= Instructions for the task =
Word for word, repeat the data; no picture should appear in the result.
(Data for analysis Opens)
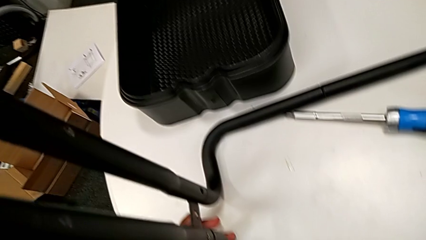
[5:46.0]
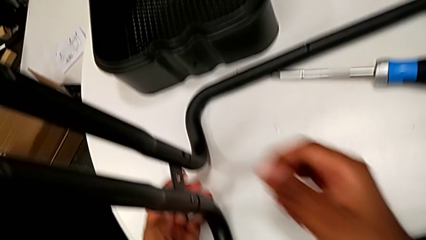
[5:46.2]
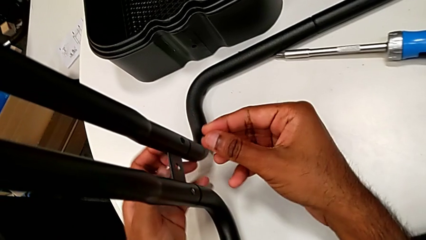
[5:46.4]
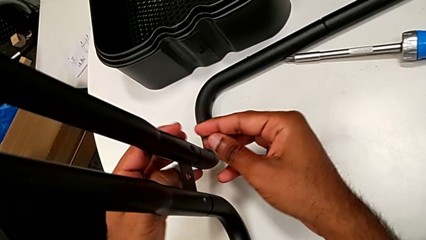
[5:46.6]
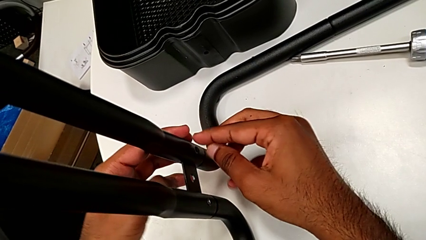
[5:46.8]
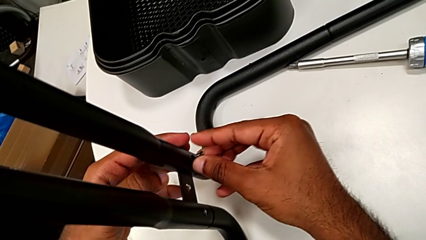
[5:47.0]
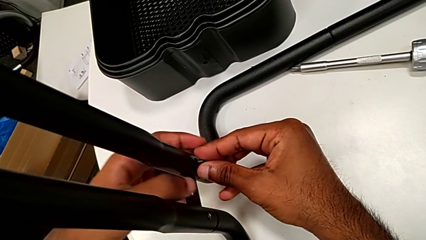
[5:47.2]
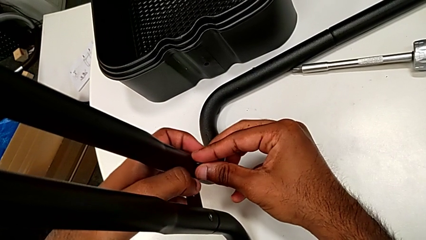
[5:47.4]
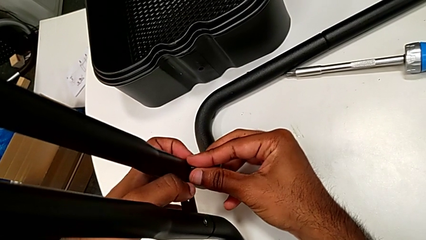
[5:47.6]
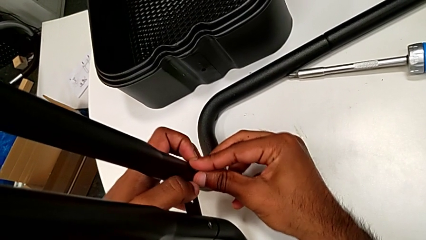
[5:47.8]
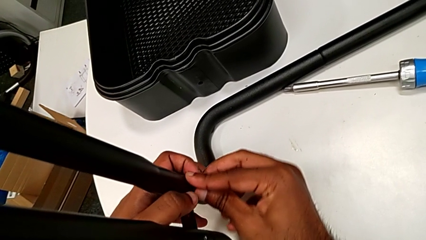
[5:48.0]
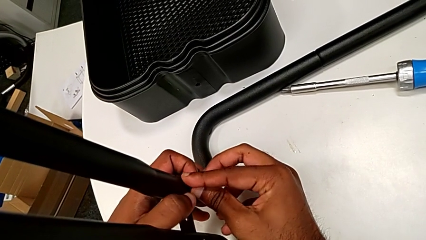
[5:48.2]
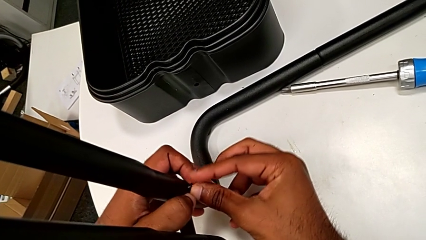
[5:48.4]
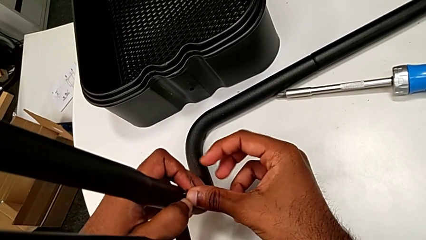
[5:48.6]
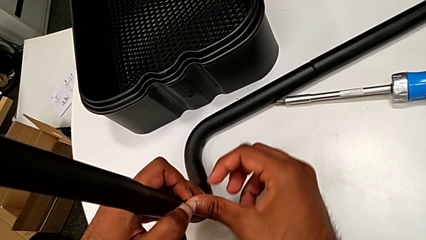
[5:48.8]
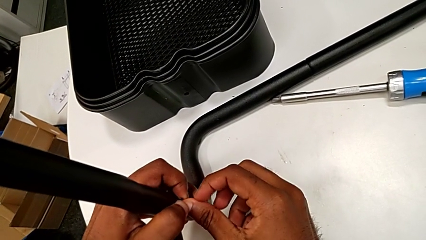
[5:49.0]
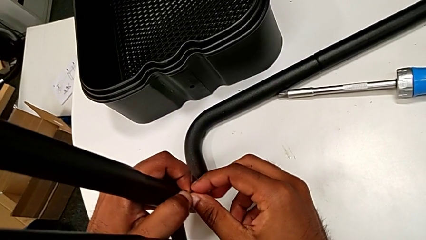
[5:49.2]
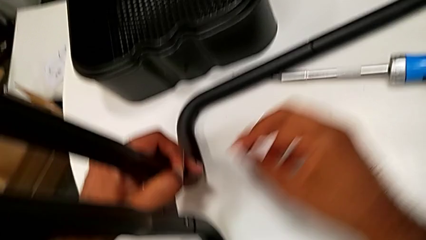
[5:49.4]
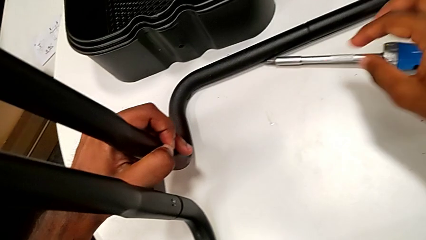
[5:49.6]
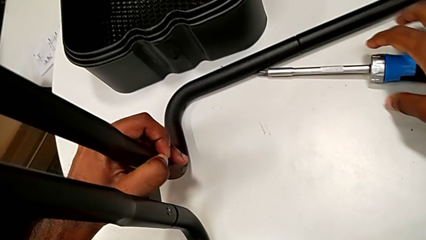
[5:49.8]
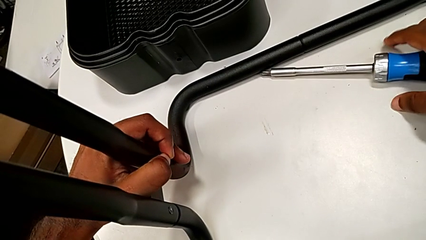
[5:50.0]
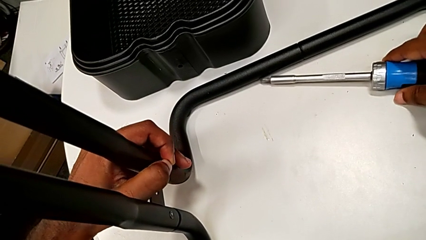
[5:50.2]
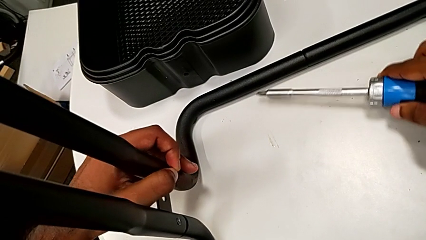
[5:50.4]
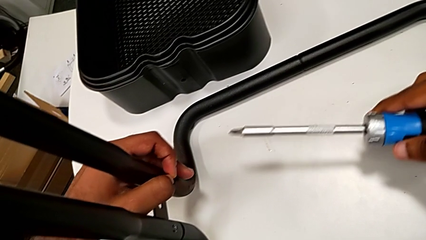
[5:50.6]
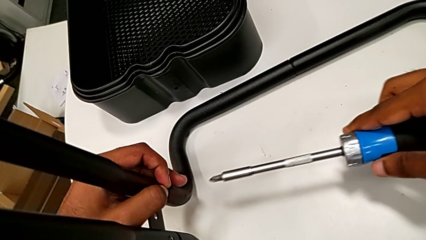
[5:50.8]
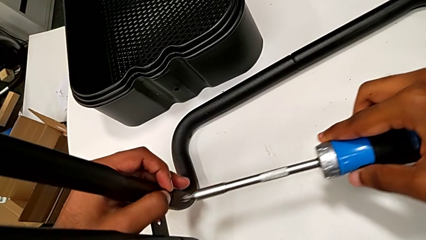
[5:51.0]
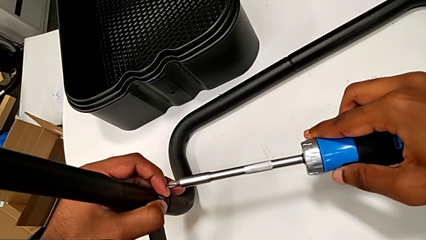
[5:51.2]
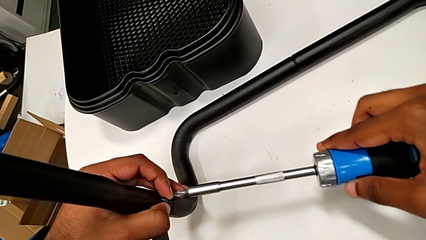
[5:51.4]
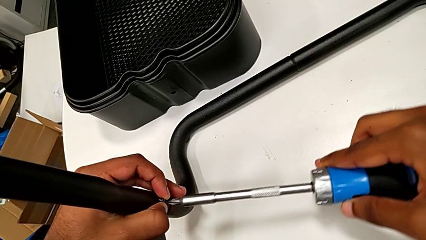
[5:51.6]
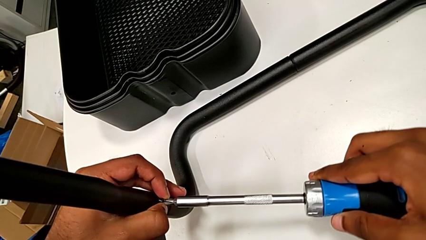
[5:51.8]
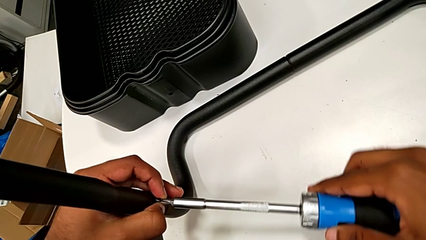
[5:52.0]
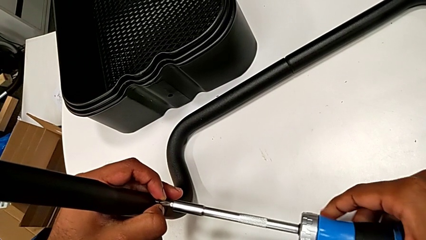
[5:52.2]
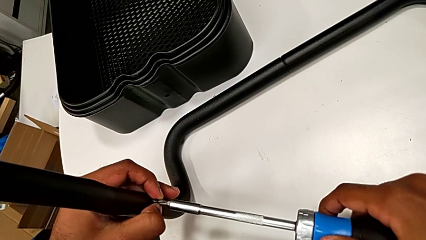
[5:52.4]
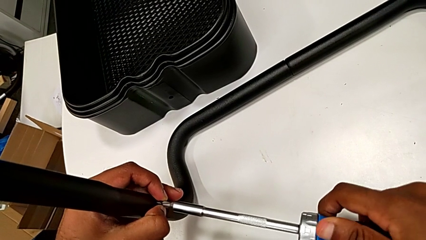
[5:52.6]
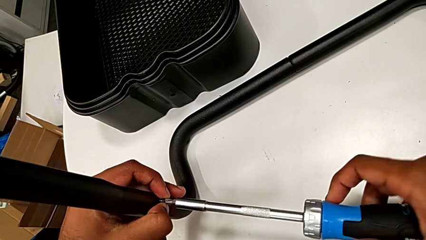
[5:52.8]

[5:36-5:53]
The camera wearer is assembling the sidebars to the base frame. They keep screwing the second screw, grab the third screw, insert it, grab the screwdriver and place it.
(Data for analysis Closes)
= Written response =
[5:46.0]
[5:46.2]
[5:46.4]
[5:46.6]
[5:46.8]
[5:47.0]
[5:47.2]
[5:47.4]
[5:47.6]
[5:47.8]
[5:48.0]
[5:48.2]
[5:48.4]
[5:48.6]
[5:48.8]
[5:49.0]
[5:49.2]
[5:49.4]
[5:49.6]
[5:49.8]
[5:50.0]
[5:50.2]
[5:50.4]
[5:50.6]
[5:50.8]
[5:51.0]
[5:51.2]
[5:51.4]
[5:51.6]
[5:51.8]
[5:52.0]
[5:52.2]
[5:52.4]
[5:52.6]
[5:52.8]

[5:36-5:53]
The camera wearer is assembling the sidebars to the base frame. They keep screwing the second screw, grab the third screw, insert it, grab the screwdriver and place it.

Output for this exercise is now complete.